Ignoring the pictures, repeat every entry below exactly as it appears.

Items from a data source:
------------

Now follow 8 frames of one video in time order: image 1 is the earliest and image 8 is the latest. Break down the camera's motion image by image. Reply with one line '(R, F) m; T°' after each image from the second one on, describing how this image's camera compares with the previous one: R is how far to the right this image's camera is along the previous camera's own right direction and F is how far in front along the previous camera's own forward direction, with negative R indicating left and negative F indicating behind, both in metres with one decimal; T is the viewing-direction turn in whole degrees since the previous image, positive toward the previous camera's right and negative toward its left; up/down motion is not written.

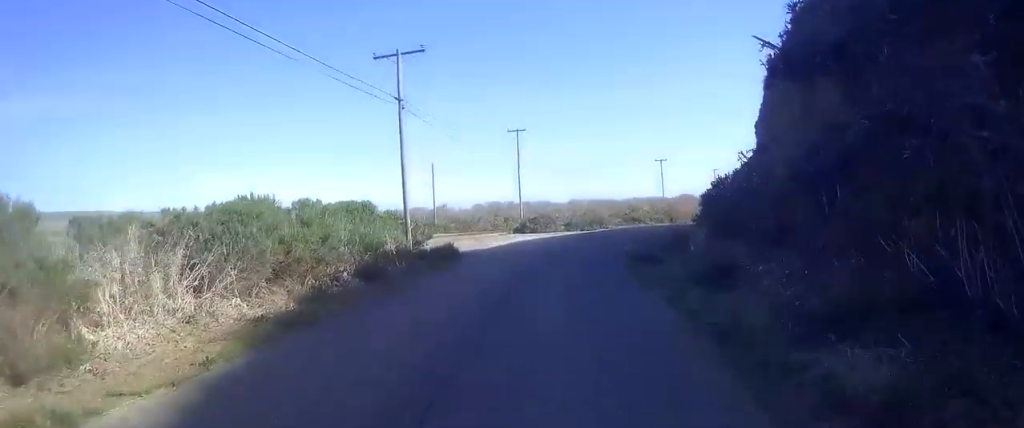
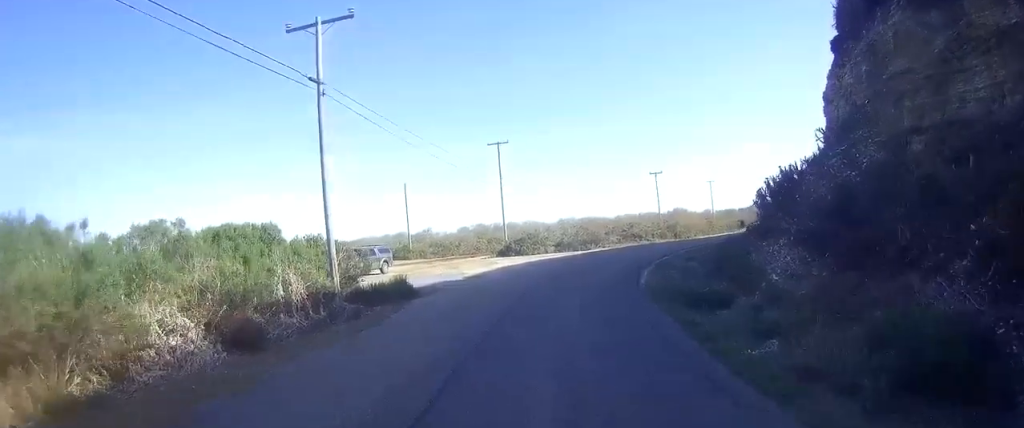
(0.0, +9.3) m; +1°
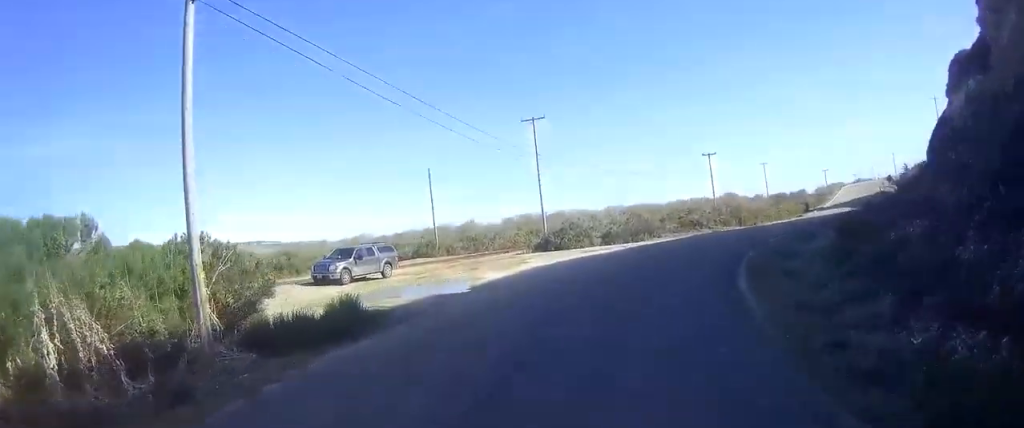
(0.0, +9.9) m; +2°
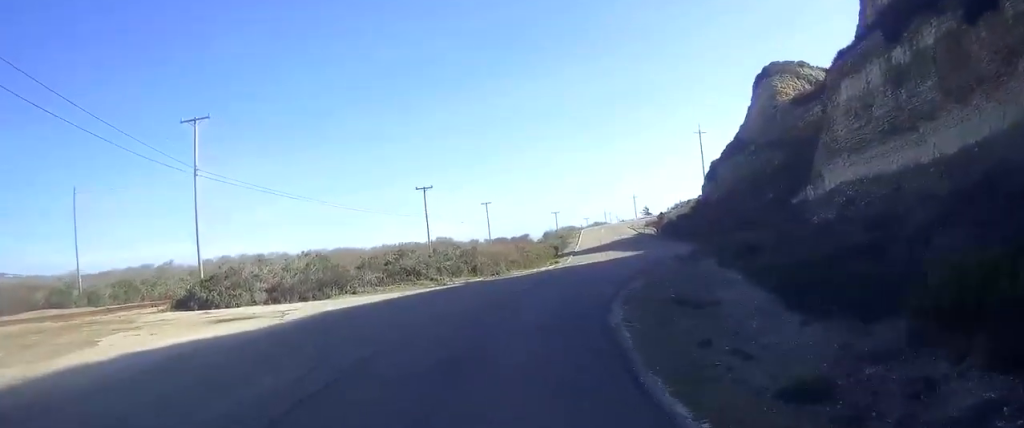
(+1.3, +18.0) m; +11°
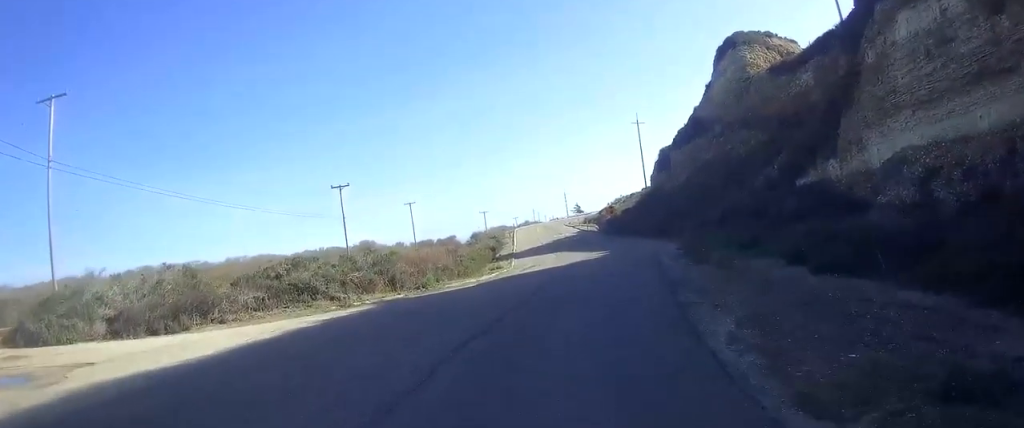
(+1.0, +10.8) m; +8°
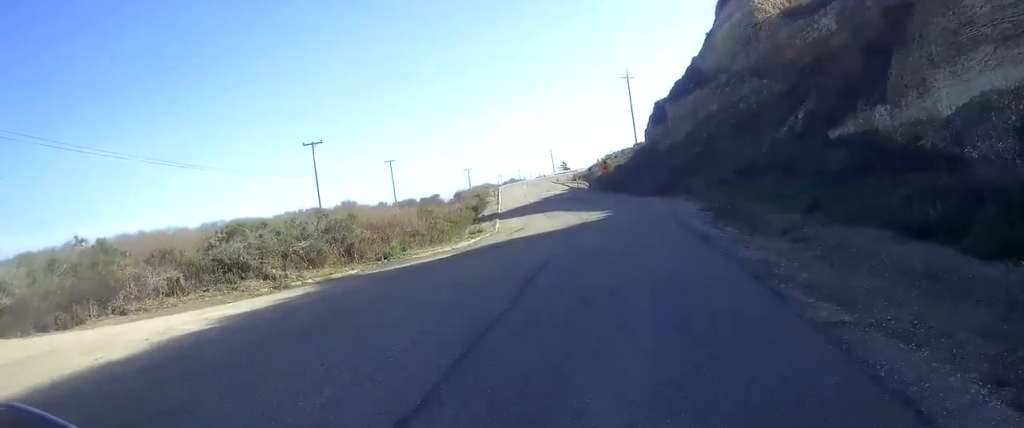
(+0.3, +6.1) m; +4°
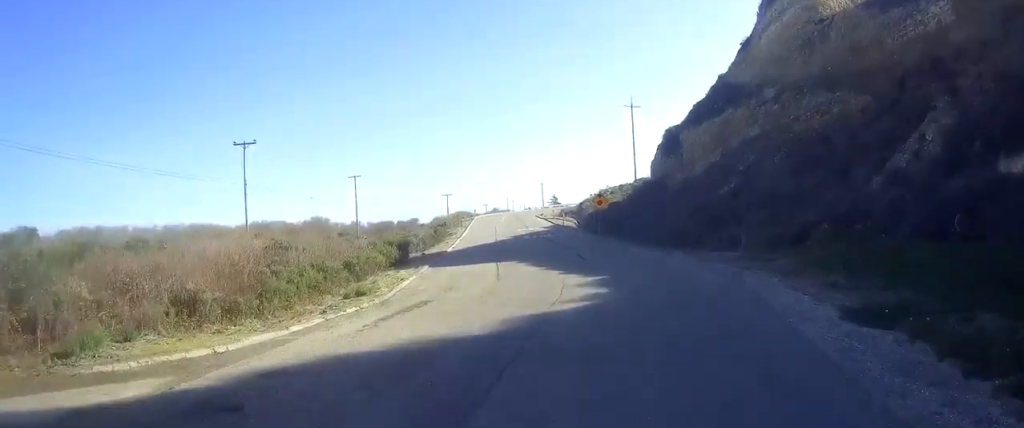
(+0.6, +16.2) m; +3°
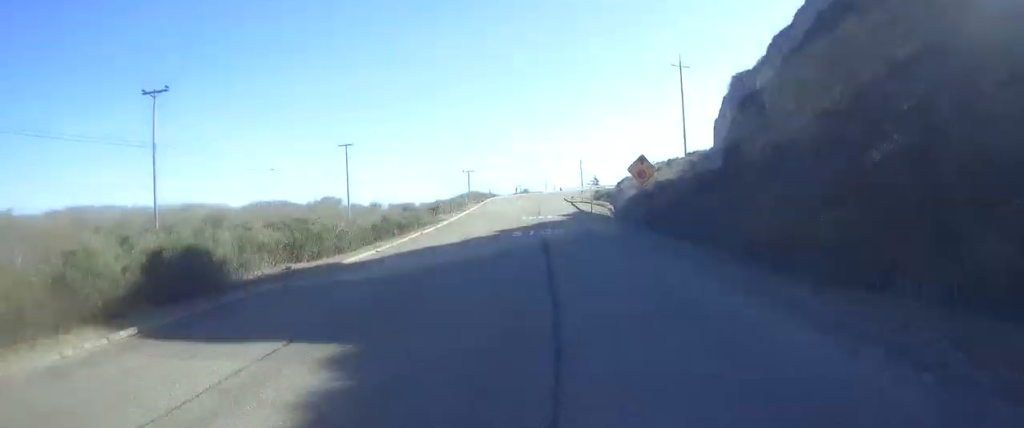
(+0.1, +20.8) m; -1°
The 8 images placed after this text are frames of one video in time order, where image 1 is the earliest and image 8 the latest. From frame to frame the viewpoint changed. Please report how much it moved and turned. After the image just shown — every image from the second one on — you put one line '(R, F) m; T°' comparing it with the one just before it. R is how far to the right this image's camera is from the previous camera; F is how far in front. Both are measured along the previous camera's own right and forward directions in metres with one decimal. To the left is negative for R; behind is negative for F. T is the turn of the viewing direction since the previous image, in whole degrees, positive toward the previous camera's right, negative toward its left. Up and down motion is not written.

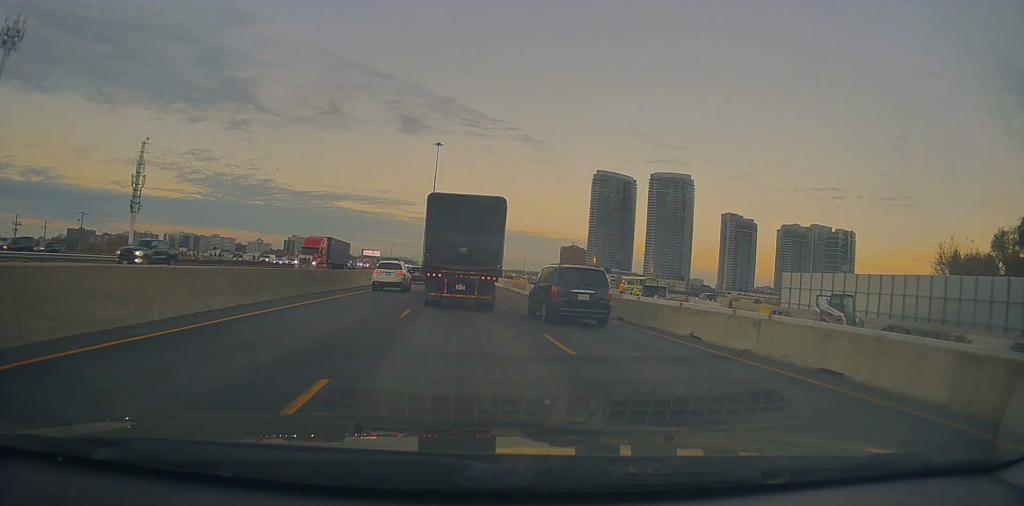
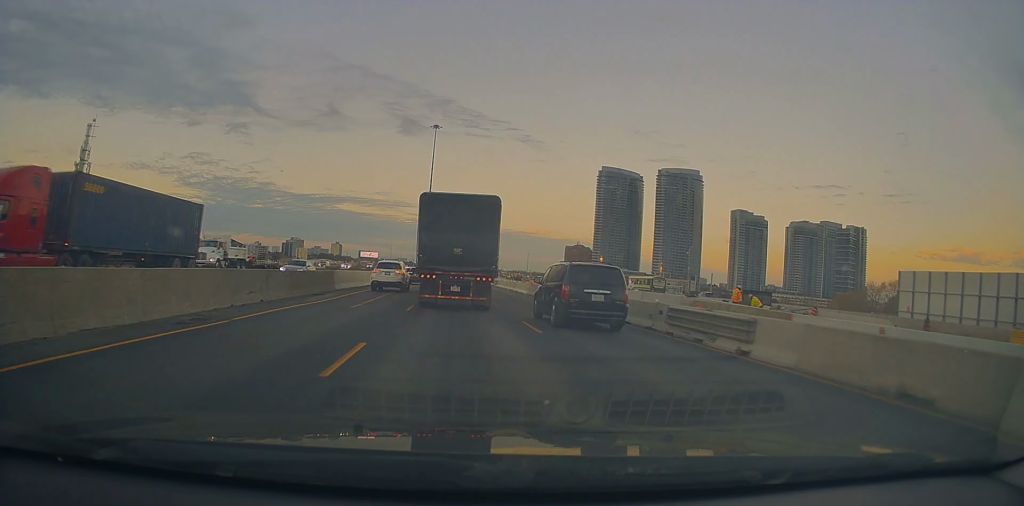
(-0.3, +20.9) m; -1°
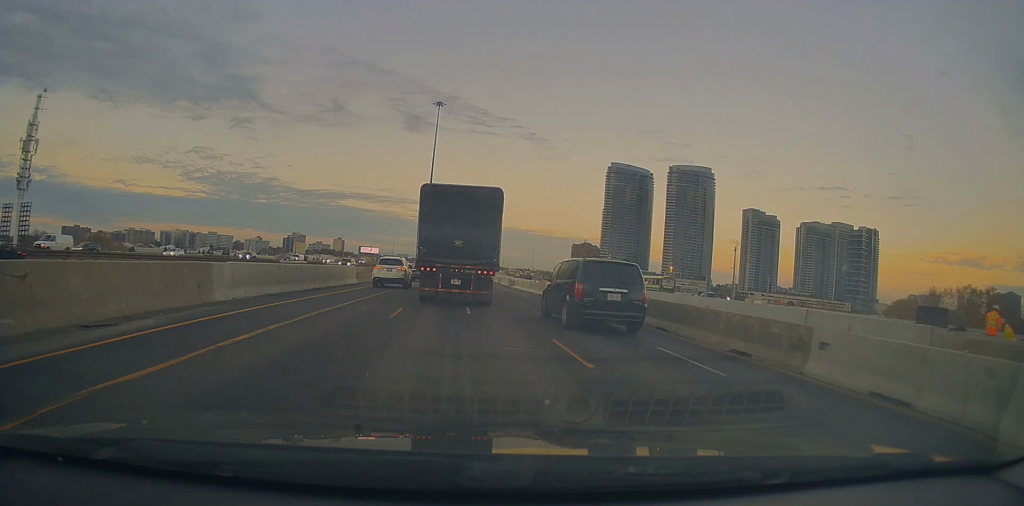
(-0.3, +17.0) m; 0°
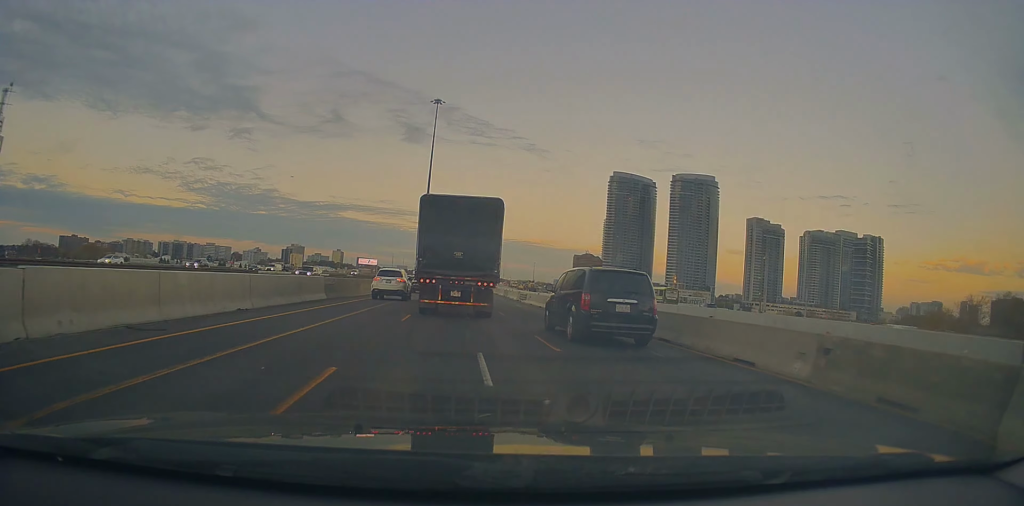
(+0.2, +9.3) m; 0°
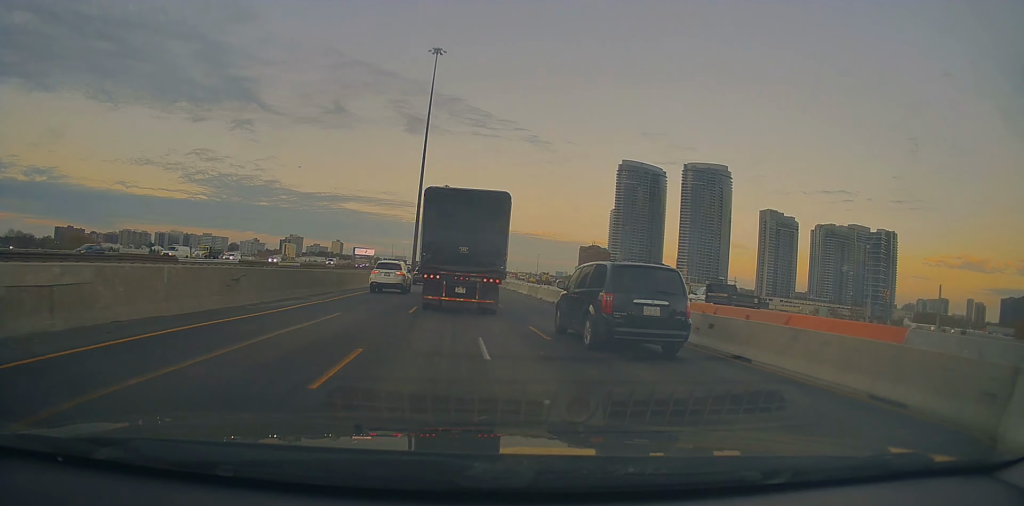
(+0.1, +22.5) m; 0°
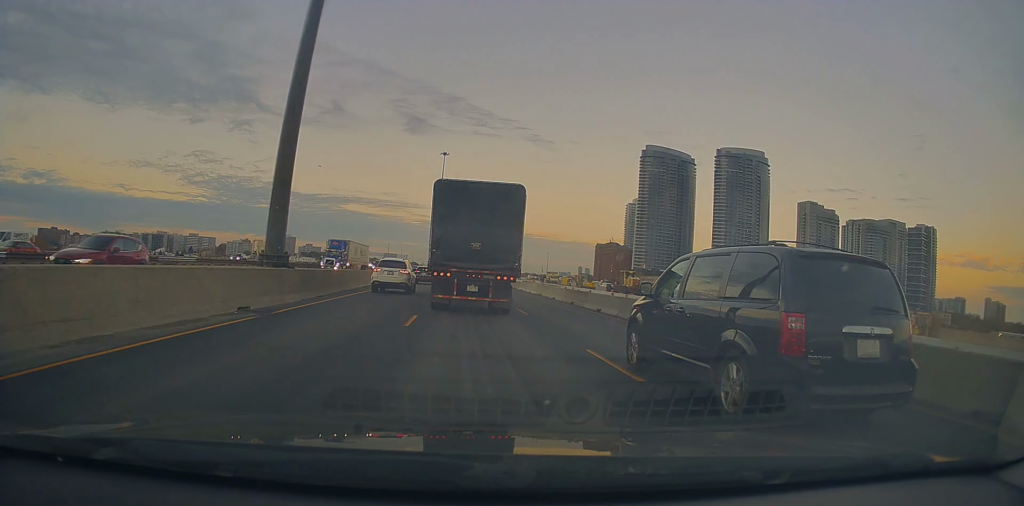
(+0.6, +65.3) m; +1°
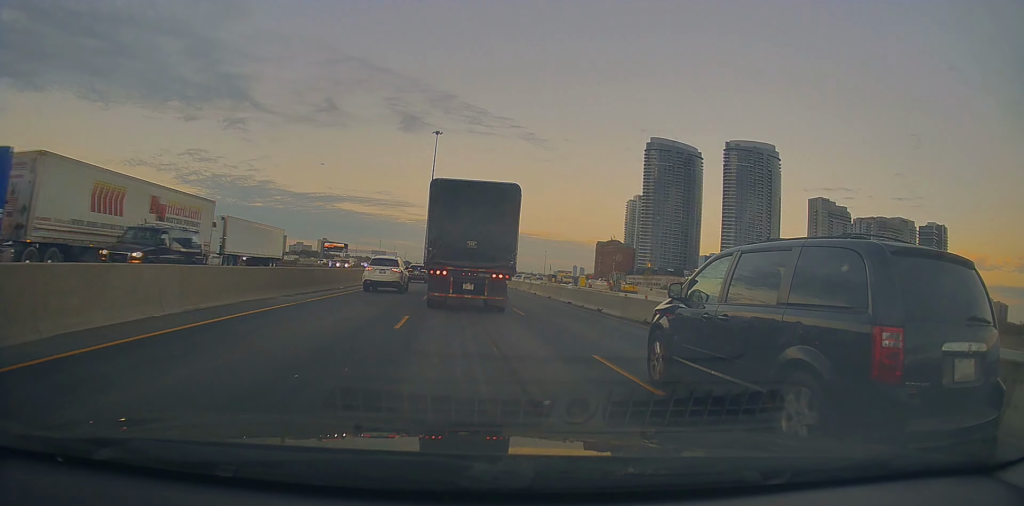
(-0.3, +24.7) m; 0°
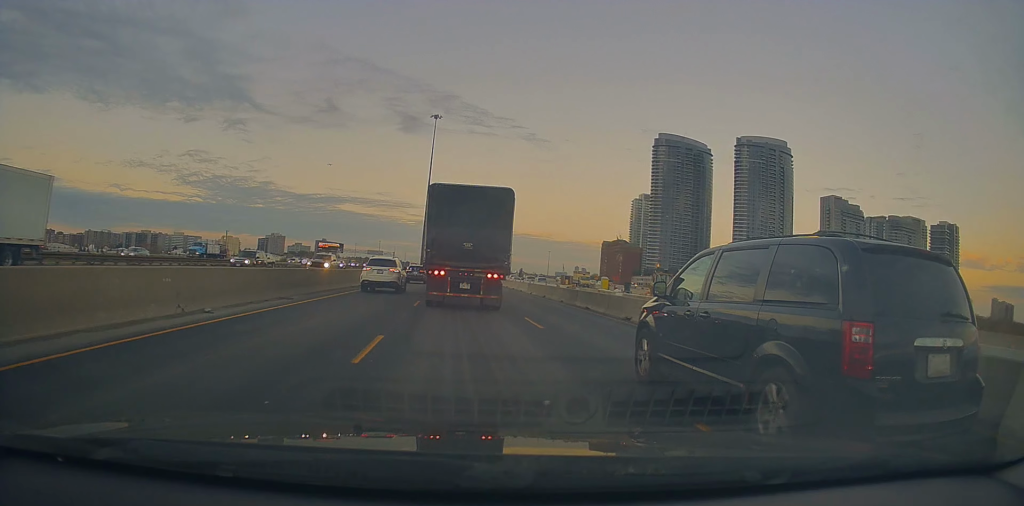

------------

ANSWER BOX:
Now follow 8 frames of one video in time order: image 1 is the earliest and image 8 is the latest. Break down the camera's motion image by image. Reply with one line '(R, F) m; T°' after each image from the second one on, describing how this image's camera compares with the previous one: R is how far to the right this image's camera is along the previous camera's own right direction and F is how far in front along the previous camera's own forward direction, with negative R indicating left and negative F indicating behind, both in metres with one decimal; T is the viewing-direction turn in whole degrees since the previous image, positive toward the previous camera's right and negative toward its left; up/down motion is not written.

(0.0, +9.3) m; +1°
(0.0, +9.9) m; +2°
(+1.3, +18.0) m; +11°
(+1.0, +10.8) m; +8°
(+0.3, +6.1) m; +4°
(+0.6, +16.2) m; +3°
(+0.1, +20.8) m; -1°
The 8 images placed after this text are frames of one video in time order, where image 1 is the earliest and image 8 the latest. From frame to frame the viewpoint changed. Please report how much it moved and turned. After the image just shown — every image from the second one on — you put one line '(R, F) m; T°' comparing it with the one just before it. R is how far to the right this image's camera is from the previous camera; F is how far in front. Both are measured along the previous camera's own right and forward directions in metres with one decimal. To the left is negative for R; behind is negative for F. T is the turn of the viewing direction since the previous image, in whole degrees, positive toward the previous camera's right, negative toward its left. Up and down motion is not written.

(-0.3, +20.9) m; -1°
(-0.3, +17.0) m; 0°
(+0.2, +9.3) m; 0°
(+0.1, +22.5) m; 0°
(+0.6, +65.3) m; +1°
(-0.3, +24.7) m; 0°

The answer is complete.